- _Required work_
The entries below need to be written out exactly, with no pictures included.

Items from a dataset:
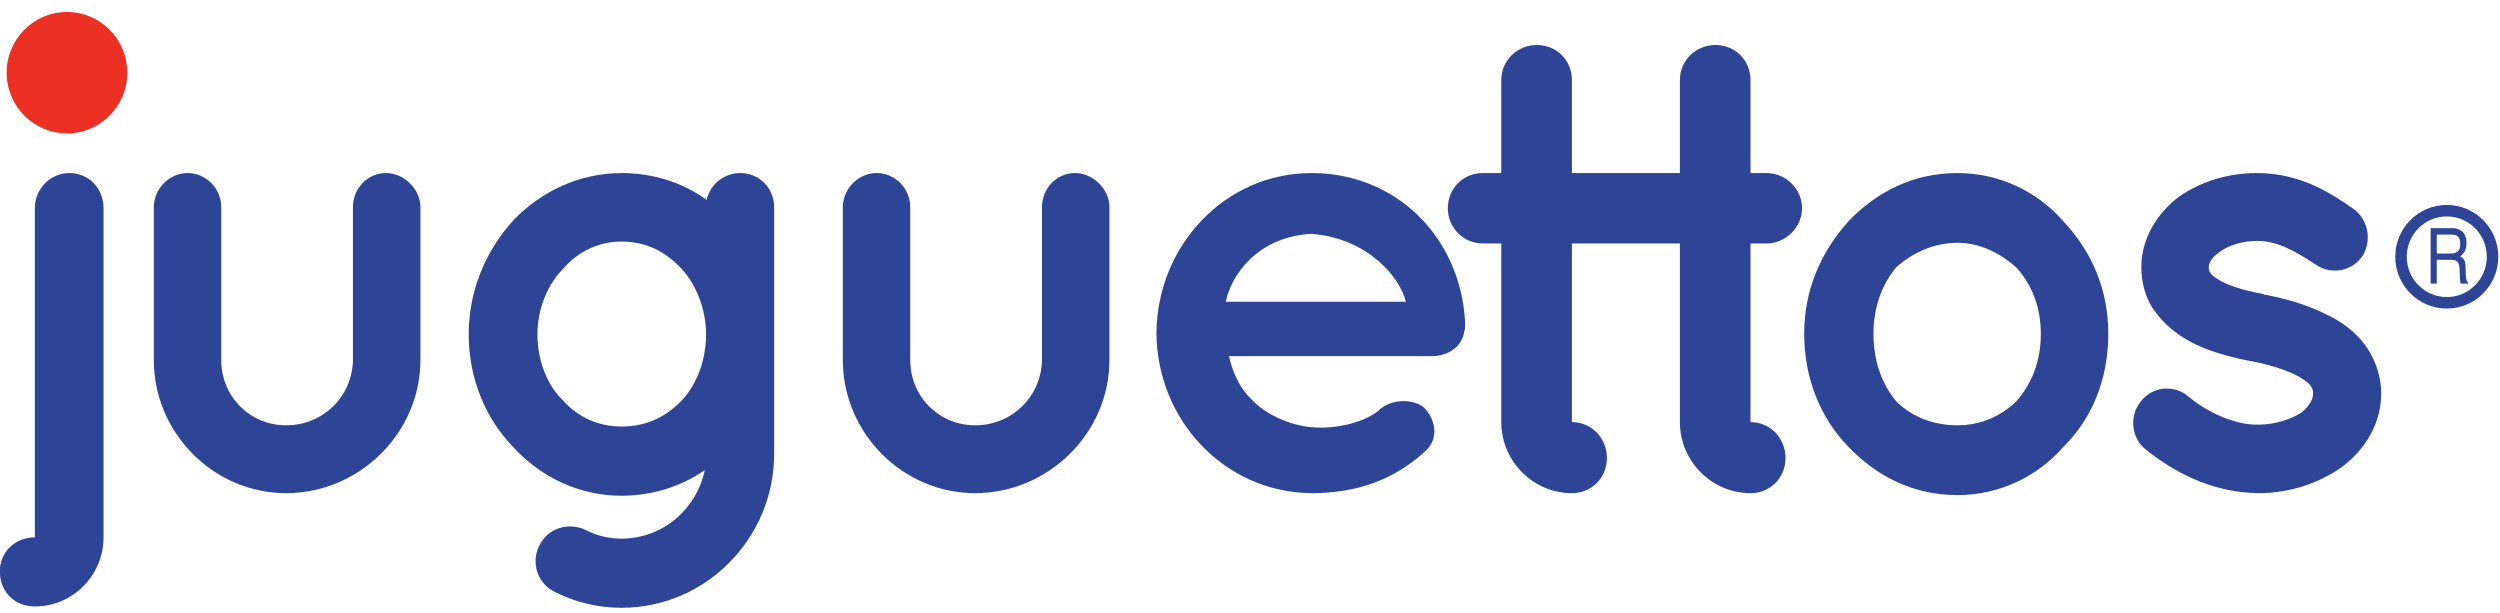 <?xml version="1.0" encoding="UTF-8"?>
<svg xmlns="http://www.w3.org/2000/svg" xmlns:sketch="http://www.bohemiancoding.com/sketch/ns" width="163" height="40" viewBox="0 0 163 40">
  <title>Imported Layers Copy 3</title>
  <desc>Created with Sketch.</desc>
  <g sketch:type="MSShapeGroup" fill="none">
    <path d="M4.511 11.283c-1.203 0-2.24 1.002-2.24 2.296v21.455c-1.327 0-2.281 1.001-2.281 2.211 0 1.336.954 2.296 2.281 2.296 2.49 0 4.48-2.045 4.48-4.508v-21.455c0-1.294-.953-2.296-2.24-2.296zm20.66 0c-1.245 0-2.159 1.043-2.159 2.213v9.976c-.04 2.379-1.949 4.258-4.355 4.258-2.366 0-4.232-1.879-4.232-4.258v-9.976c0-1.169-.955-2.213-2.198-2.213-1.203 0-2.199 1.043-2.199 2.213v9.976c0 4.759 3.9 8.682 8.629 8.682 4.771 0 8.754-3.923 8.754-8.682v-9.976c0-1.169-1.079-2.213-2.24-2.213zm23.103 0c-1.077 0-1.99.752-2.197 1.752-1.495-1.085-3.403-1.752-5.559-1.752-2.738 0-5.269 1.211-7.054 3.089-1.783 1.961-2.904 4.55-2.904 7.432 0 2.92 1.12 5.508 2.904 7.346 1.784 1.961 4.316 3.173 7.054 3.173 2.031 0 3.94-.626 5.434-1.67-.54 2.545-2.738 4.466-5.434 4.466-.872 0-1.66-.209-2.366-.585-1.161-.5-2.448-.083-2.988 1.044-.58 1.126-.083 2.505.997 3.005 1.286.669 2.821 1.045 4.357 1.045 5.518 0 9.956-4.55 9.956-10.019v-16.112c0-1.211-.954-2.213-2.199-2.213zm-3.816 14.818c-1.078 1.127-2.364 1.71-3.94 1.71-1.454 0-2.822-.583-3.817-1.71-.996-.96-1.66-2.545-1.66-4.298 0-1.671.664-3.257 1.66-4.258.995-1.17 2.364-1.795 3.817-1.795 1.576 0 2.862.626 3.94 1.795.914 1.001 1.578 2.587 1.578 4.258 0 1.753-.664 3.339-1.578 4.298zm25.635-14.818c-1.244 0-2.157 1.043-2.157 2.213v9.976c-.042 2.379-1.95 4.258-4.356 4.258-2.364 0-4.232-1.879-4.232-4.258v-9.976c0-1.169-.953-2.213-2.198-2.213-1.203 0-2.198 1.043-2.198 2.213v9.976c0 4.759 3.899 8.682 8.629 8.682 4.771 0 8.754-3.923 8.754-8.682v-9.976c0-1.169-1.08-2.213-2.241-2.213zm15.432 0c-5.685 0-10.082 4.758-10.125 10.435.043 5.676 4.44 10.395 10.125 10.436 2.945 0 5.392-.877 7.425-2.755.954-.876.54-2.129 0-2.713-.54-.668-2.241-.794-3.113.126-1.036.792-2.821 1.169-4.312 1.043-1.453-.125-3.113-.877-3.984-1.88-.747-.708-1.203-1.793-1.41-2.754h13.194c1.161 0 2.032-.668 2.156-1.669.042-.083.042-.293.042-.376v-.209c-.331-5.635-4.606-9.684-9.998-9.684zm-5.602 8.391c.333-1.713 2.074-4.258 5.602-4.426 3.607.292 5.723 2.755 6.138 4.426h-11.74zm35.247-8.391h-1.036v-6.053c0-1.294-.995-2.295-2.282-2.295-1.285 0-2.323 1-2.323 2.295v6.053h-7.039v-6.053c0-1.294-.995-2.295-2.283-2.295-1.284 0-2.323 1-2.323 2.295v6.053h-1.203c-1.285 0-2.282 1.002-2.282 2.296 0 1.252.997 2.295 2.282 2.295h1.203v11.645c0 2.548 2.075 4.635 4.606 4.635 1.285 0 2.282-1.002 2.282-2.296 0-1.293-.997-2.338-2.282-2.338v-11.645h7.039v11.645c0 2.548 2.073 4.635 4.605 4.635 1.285 0 2.282-1.002 2.282-2.296 0-1.293-.997-2.338-2.282-2.338v-11.645h1.036c1.246 0 2.323-1.042 2.323-2.295 0-1.294-1.077-2.296-2.323-2.296zm12.459 0c-2.864 0-5.27 1.211-7.136 3.172-1.784 2.004-2.861 4.467-2.861 7.306 0 2.921 1.077 5.509 2.861 7.347 1.867 1.962 4.272 3.172 7.136 3.172 2.736 0 5.227-1.209 6.928-3.172 1.867-1.837 2.904-4.426 2.904-7.347 0-2.839-1.037-5.302-2.904-7.306-1.701-1.961-4.191-3.172-6.928-3.172zm3.816 14.902c-1.038 1.001-2.365 1.544-3.816 1.544-1.577 0-2.947-.543-3.983-1.544-.956-1.169-1.494-2.629-1.494-4.425 0-1.712.538-3.215 1.494-4.342 1.035-.918 2.406-1.587 3.983-1.587 1.451 0 2.779.669 3.816 1.587 1.037 1.127 1.617 2.63 1.617 4.342 0 1.795-.58 3.256-1.617 4.425zm23.022-3.297c-.705-1.17-1.825-1.963-2.946-2.463-1.204-.585-2.489-.96-3.858-1.211h-.041l-.041-.042c-1.41-.25-2.491-.626-3.031-1.001-.29-.168-.413-.334-.456-.419-.082-.124-.082-.166-.082-.333 0-.208.125-.584.664-.96.54-.418 1.452-.751 2.49-.751 1.327 0 2.489.668 3.816 1.544 1.039.71 2.406.418 3.07-.584.623-1.043.332-2.421-.664-3.089-1.328-.919-3.36-2.296-6.222-2.296-1.91 0-3.651.543-5.104 1.545-1.369 1.043-2.447 2.671-2.447 4.591 0 .96.247 1.879.706 2.63.746 1.128 1.741 1.878 2.861 2.421 1.078.502 2.323.835 3.609 1.086h.041c1.494.292 2.739.751 3.32 1.168.331.209.496.377.539.502.083.125.123.209.123.418 0 .332-.166.751-.746 1.251-.665.417-1.701.793-2.821.793-1.618.041-3.486-.919-4.564-1.838-.912-.792-2.363-.668-3.111.335-.746.919-.621 2.338.29 3.089 1.66 1.336 4.149 2.839 7.385 2.88 2.033 0 3.9-.626 5.393-1.67 1.494-1.085 2.614-2.796 2.614-4.841 0-.962-.29-1.921-.789-2.755z" fill="#2E4597"></path>
    <path d="M8.3 4.739c0-2.186-1.762-3.958-3.934-3.958s-3.934 1.772-3.934 3.958c0 2.187 1.761 3.959 3.934 3.959 2.171 0 3.934-1.772 3.934-3.959" fill="#ED3024"></path>
    <path d="M159.801 16.531c.188 0 .334-.046.443-.139.11-.091.165-.257.165-.497 0-.257-.076-.433-.229-.527-.082-.049-.19-.074-.327-.074h-.974v1.236h.923zm-1.322-1.657h1.364c.224 0 .41.04.556.121.276.154.415.439.415.854 0 .217-.037.393-.11.532-.073.138-.174.248-.306.332.115.058.201.133.259.227.059.094.092.246.098.455l.015.485.028.307c.024.115.067.189.128.222v.081h-.489l-.033-.121-.02-.285-.024-.603c-.01-.237-.081-.395-.215-.475-.076-.045-.196-.067-.359-.067h-.909v1.551h-.4v-3.616z" fill="#2E4597"></path>
    <path d="M156.546 16.74c0-1.658 1.336-3.003 2.984-3.003 1.649 0 2.985 1.345 2.985 3.003 0 1.659-1.336 3.003-2.985 3.003-1.648 0-2.984-1.344-2.984-3.003z" stroke="#2E4597" stroke-width=".75"></path>
  </g>
</svg>

- _Exercise answer_
 <?xml version="1.0" encoding="UTF-8"?>
<svg xmlns="http://www.w3.org/2000/svg" xmlns:sketch="http://www.bohemiancoding.com/sketch/ns" width="163" height="40" viewBox="0 0 163 40">
  <title>Imported Layers Copy 3</title>
  <desc>Created with Sketch.</desc>
  <g sketch:type="MSShapeGroup" fill="none">
    <path d="M4.511 11.283c-1.203 0-2.24 1.002-2.24 2.296v21.455c-1.327 0-2.281 1.001-2.281 2.211 0 1.336.954 2.296 2.281 2.296 2.49 0 4.48-2.045 4.48-4.508v-21.455c0-1.294-.953-2.296-2.24-2.296zm20.66 0c-1.245 0-2.159 1.043-2.159 2.213v9.976c-.04 2.379-1.949 4.258-4.355 4.258-2.366 0-4.232-1.879-4.232-4.258v-9.976c0-1.169-.955-2.213-2.198-2.213-1.203 0-2.199 1.043-2.199 2.213v9.976c0 4.759 3.9 8.682 8.629 8.682 4.771 0 8.754-3.923 8.754-8.682v-9.976c0-1.169-1.079-2.213-2.24-2.213zm23.103 0c-1.077 0-1.99.752-2.197 1.752-1.495-1.085-3.403-1.752-5.559-1.752-2.738 0-5.269 1.211-7.054 3.089-1.783 1.961-2.904 4.55-2.904 7.432 0 2.92 1.12 5.508 2.904 7.346 1.784 1.961 4.316 3.173 7.054 3.173 2.031 0 3.94-.626 5.434-1.67-.54 2.545-2.738 4.466-5.434 4.466-.872 0-1.66-.209-2.366-.585-1.161-.5-2.448-.083-2.988 1.044-.58 1.126-.083 2.505.997 3.005 1.286.669 2.821 1.045 4.357 1.045 5.518 0 9.956-4.55 9.956-10.019v-16.112c0-1.211-.954-2.213-2.199-2.213zm-3.816 14.818c-1.078 1.127-2.364 1.71-3.94 1.71-1.454 0-2.822-.583-3.817-1.71-.996-.96-1.66-2.545-1.66-4.298 0-1.671.664-3.257 1.66-4.258.995-1.17 2.364-1.795 3.817-1.795 1.576 0 2.862.626 3.94 1.795.914 1.001 1.578 2.587 1.578 4.258 0 1.753-.664 3.339-1.578 4.298zm25.635-14.818c-1.244 0-2.157 1.043-2.157 2.213v9.976c-.042 2.379-1.95 4.258-4.356 4.258-2.364 0-4.232-1.879-4.232-4.258v-9.976c0-1.169-.953-2.213-2.198-2.213-1.203 0-2.198 1.043-2.198 2.213v9.976c0 4.759 3.899 8.682 8.629 8.682 4.771 0 8.754-3.923 8.754-8.682v-9.976c0-1.169-1.08-2.213-2.241-2.213zm15.432 0c-5.685 0-10.082 4.758-10.125 10.435.043 5.676 4.44 10.395 10.125 10.436 2.945 0 5.392-.877 7.425-2.755.954-.876.54-2.129 0-2.713-.54-.668-2.241-.794-3.113.126-1.036.792-2.821 1.169-4.312 1.043-1.453-.125-3.113-.877-3.984-1.88-.747-.708-1.203-1.793-1.41-2.754h13.194c1.161 0 2.032-.668 2.156-1.669.042-.083.042-.293.042-.376v-.209c-.331-5.635-4.606-9.684-9.998-9.684zm-5.602 8.391c.333-1.713 2.074-4.258 5.602-4.426 3.607.292 5.723 2.755 6.138 4.426h-11.74zm35.247-8.391h-1.036v-6.053c0-1.294-.995-2.295-2.282-2.295-1.285 0-2.323 1-2.323 2.295v6.053h-7.039v-6.053c0-1.294-.995-2.295-2.283-2.295-1.284 0-2.323 1-2.323 2.295v6.053h-1.203c-1.285 0-2.282 1.002-2.282 2.296 0 1.252.997 2.295 2.282 2.295h1.203v11.645c0 2.548 2.075 4.635 4.606 4.635 1.285 0 2.282-1.002 2.282-2.296 0-1.293-.997-2.338-2.282-2.338v-11.645h7.039v11.645c0 2.548 2.073 4.635 4.605 4.635 1.285 0 2.282-1.002 2.282-2.296 0-1.293-.997-2.338-2.282-2.338v-11.645h1.036c1.246 0 2.323-1.042 2.323-2.295 0-1.294-1.077-2.296-2.323-2.296zm12.459 0c-2.864 0-5.27 1.211-7.136 3.172-1.784 2.004-2.861 4.467-2.861 7.306 0 2.921 1.077 5.509 2.861 7.347 1.867 1.962 4.272 3.172 7.136 3.172 2.736 0 5.227-1.209 6.928-3.172 1.867-1.837 2.904-4.426 2.904-7.347 0-2.839-1.037-5.302-2.904-7.306-1.701-1.961-4.191-3.172-6.928-3.172zm3.816 14.902c-1.038 1.001-2.365 1.544-3.816 1.544-1.577 0-2.947-.543-3.983-1.544-.956-1.169-1.494-2.629-1.494-4.425 0-1.712.538-3.215 1.494-4.342 1.035-.918 2.406-1.587 3.983-1.587 1.451 0 2.779.669 3.816 1.587 1.037 1.127 1.617 2.63 1.617 4.342 0 1.795-.58 3.256-1.617 4.425zm23.022-3.297c-.705-1.17-1.825-1.963-2.946-2.463-1.204-.585-2.489-.96-3.858-1.211h-.041l-.041-.042c-1.41-.25-2.491-.626-3.031-1.001-.29-.168-.413-.334-.456-.419-.082-.124-.082-.166-.082-.333 0-.208.125-.584.664-.96.54-.418 1.452-.751 2.49-.751 1.327 0 2.489.668 3.816 1.544 1.039.71 2.406.418 3.07-.584.623-1.043.332-2.421-.664-3.089-1.328-.919-3.36-2.296-6.222-2.296-1.91 0-3.651.543-5.104 1.545-1.369 1.043-2.447 2.671-2.447 4.591 0 .96.247 1.879.706 2.63.746 1.128 1.741 1.878 2.861 2.421 1.078.502 2.323.835 3.609 1.086h.041c1.494.292 2.739.751 3.32 1.168.331.209.496.377.539.502.083.125.123.209.123.418 0 .332-.166.751-.746 1.251-.665.417-1.701.793-2.821.793-1.618.041-3.486-.919-4.564-1.838-.912-.792-2.363-.668-3.111.335-.746.919-.621 2.338.29 3.089 1.66 1.336 4.149 2.839 7.385 2.88 2.033 0 3.9-.626 5.393-1.67 1.494-1.085 2.614-2.796 2.614-4.841 0-.962-.29-1.921-.789-2.755z" fill="#2E4597"></path>
    <path d="M8.3 4.739c0-2.186-1.762-3.958-3.934-3.958s-3.934 1.772-3.934 3.958c0 2.187 1.761 3.959 3.934 3.959 2.171 0 3.934-1.772 3.934-3.959" fill="#ED3024"></path>
    <path d="M159.801 16.531c.188 0 .334-.046.443-.139.11-.091.165-.257.165-.497 0-.257-.076-.433-.229-.527-.082-.049-.19-.074-.327-.074h-.974v1.236h.923zm-1.322-1.657h1.364c.224 0 .41.04.556.121.276.154.415.439.415.854 0 .217-.037.393-.11.532-.073.138-.174.248-.306.332.115.058.201.133.259.227.059.094.092.246.098.455l.015.485.028.307c.024.115.067.189.128.222v.081h-.489l-.033-.121-.02-.285-.024-.603c-.01-.237-.081-.395-.215-.475-.076-.045-.196-.067-.359-.067h-.909v1.551h-.4v-3.616z" fill="#2E4597"></path>
    <path d="M156.546 16.74c0-1.658 1.336-3.003 2.984-3.003 1.649 0 2.985 1.345 2.985 3.003 0 1.659-1.336 3.003-2.985 3.003-1.648 0-2.984-1.344-2.984-3.003z" stroke="#2E4597" stroke-width=".75"></path>
  </g>
</svg>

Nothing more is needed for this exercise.